Alisyn Camerota: All right. Well, for those of you who think the 2020 cannot end fast enough, you only have less than 16 hours to go. When the ball drops in Times Square tonight, things will look very different. No revelers are allowed this year, for one. Joining us now is New York City Mayor Bill de Blasio. Good morning, Mayor. You know, I just want to know how this is going to work, because I remember two years ago, and in a different lifetime, when I saw you at Times Square and I had the privilege of being one of the journalists to push the button that makes the ball drop. It was the year of the free press and it was all so thrilling and so exciting. And the idea that this year, you know, it's just a very, very select group of invited guests and not the crowd. How is it going to be magical? 
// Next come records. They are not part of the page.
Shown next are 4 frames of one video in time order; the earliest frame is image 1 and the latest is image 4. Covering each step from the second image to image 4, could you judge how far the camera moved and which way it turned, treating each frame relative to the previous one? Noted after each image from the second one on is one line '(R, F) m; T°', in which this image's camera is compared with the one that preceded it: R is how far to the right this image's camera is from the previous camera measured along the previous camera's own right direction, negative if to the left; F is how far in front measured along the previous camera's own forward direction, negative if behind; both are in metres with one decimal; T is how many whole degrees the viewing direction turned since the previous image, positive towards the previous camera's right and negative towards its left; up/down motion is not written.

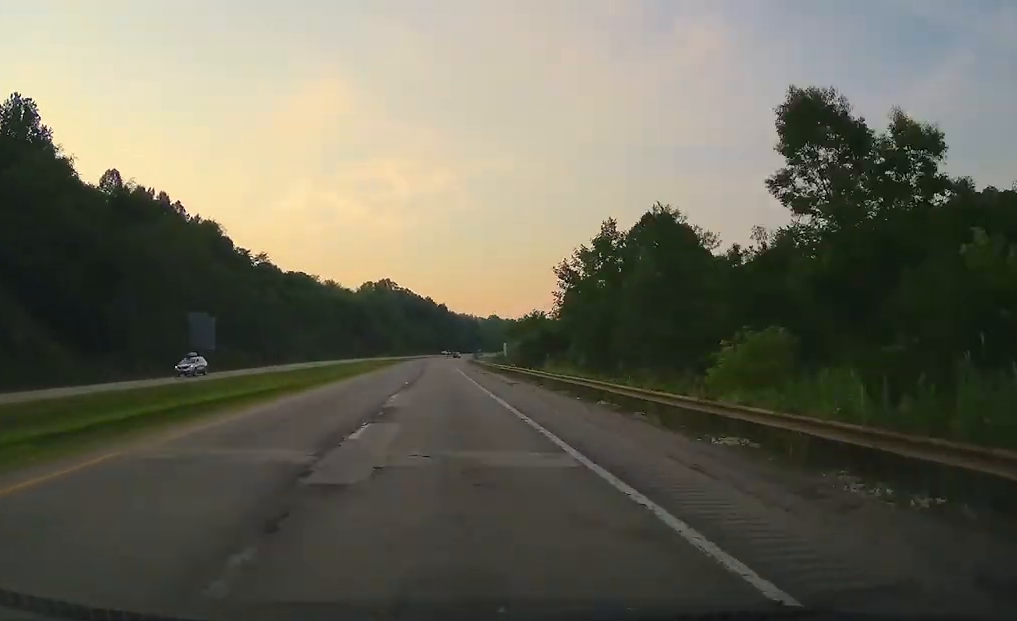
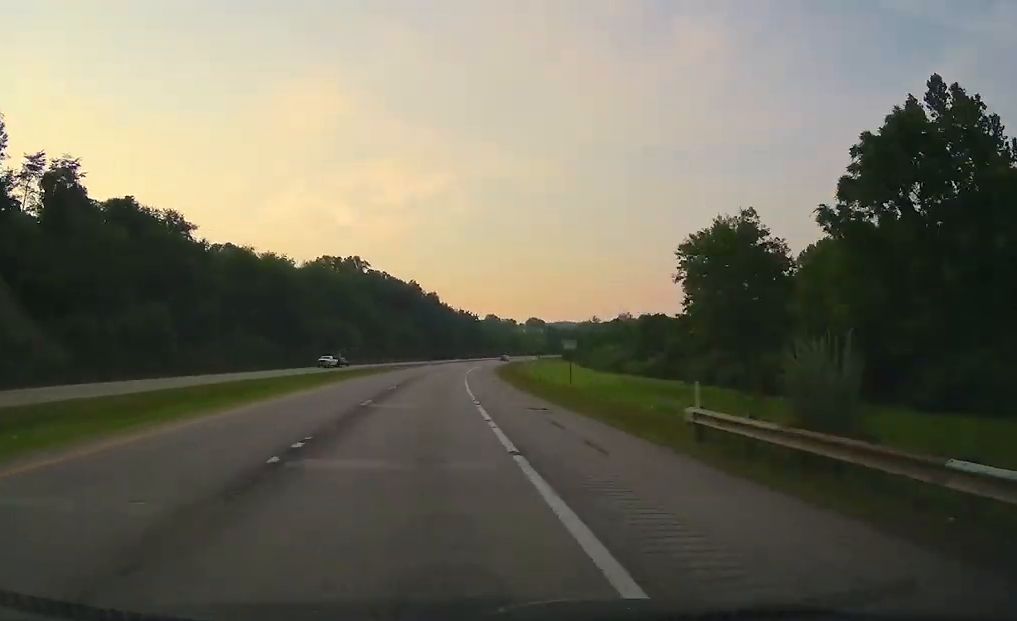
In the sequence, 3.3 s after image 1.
(+2.4, +92.7) m; +4°
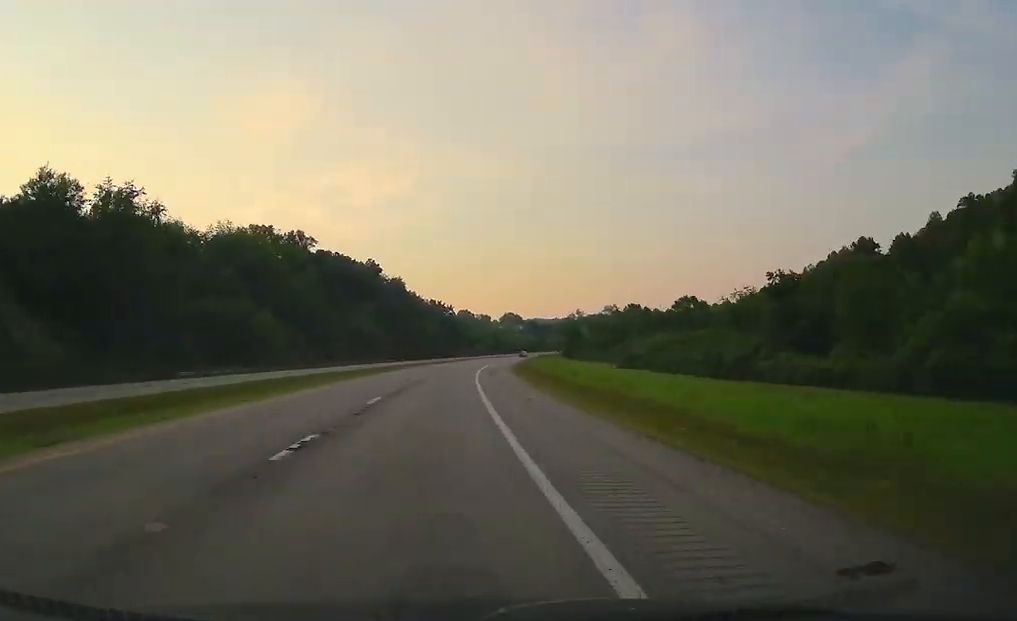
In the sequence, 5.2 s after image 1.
(+1.6, +56.2) m; +3°
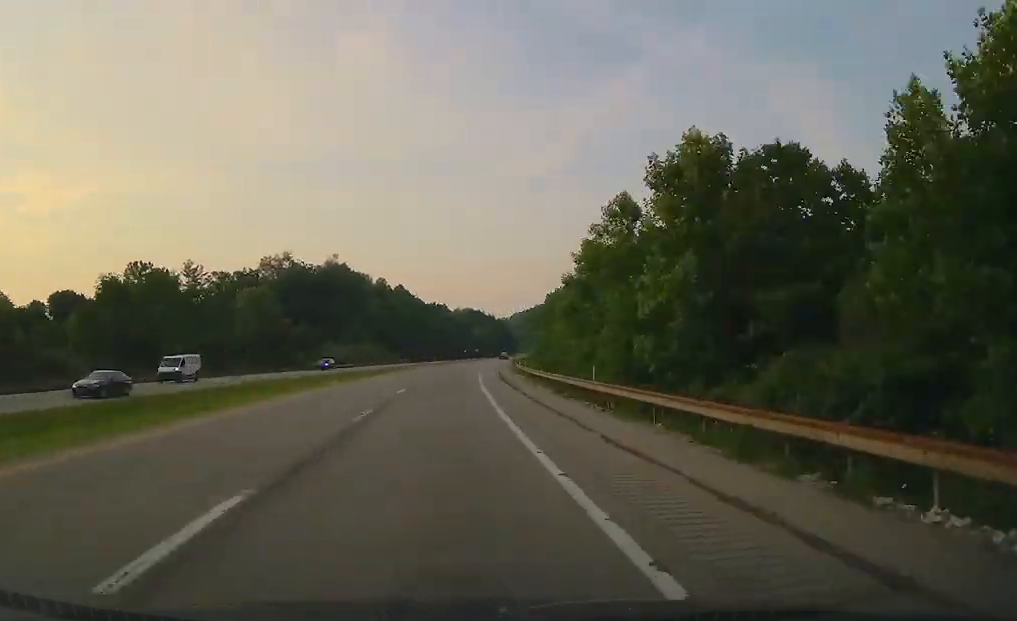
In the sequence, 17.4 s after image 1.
(+101.4, +404.7) m; +27°

Mayor Bill de Blasio: It's going to definitely be magical. Those invited guests are our health care heroes, our essential workers who did amazing things in the year 2020 to see this city through. So, that's going to be part of the magic. But also, Alisyn, we get to say goodbye to 2020. I cannot think of a more joyous, exceptional, wonderful celebration than that. We've got New York City's own Jennifer Lopez will be singing right before the ball drop. We've got Gloria Gaynor live, singing I Will Survive. Does it get better than that? I mean, I think it's going to be amazing. And I think people are so ready to say goodbye to 2020, that there's going to be a kind of joy, a kind of focused energy that's actually going to surpass a lot of what we've seen in the past. 

Camerota: Okay. You've convinced me. You're right, the I Will Survive seems particularly fitting. Where will you be? What will you be doing? 

Mayor: Well, Alisyn, I was thrilled to join with you and bring in the new year a few years ago, I'm going to be doing the same thing at this time. I'll be up there with my wife Chirlane, and it's one of the great joys of this job to be able to officially welcome in the new year. But this one is going to be something unbelievable, because I think, you know, in a country, in a city that sometimes could use some more unity, one thing unifies all of us as Americans – we want to get the hell rid of 2020. So, I think it's going to be an amazing moment. I guarantee you, I will push that button on time and make sure we get the new year immediately.  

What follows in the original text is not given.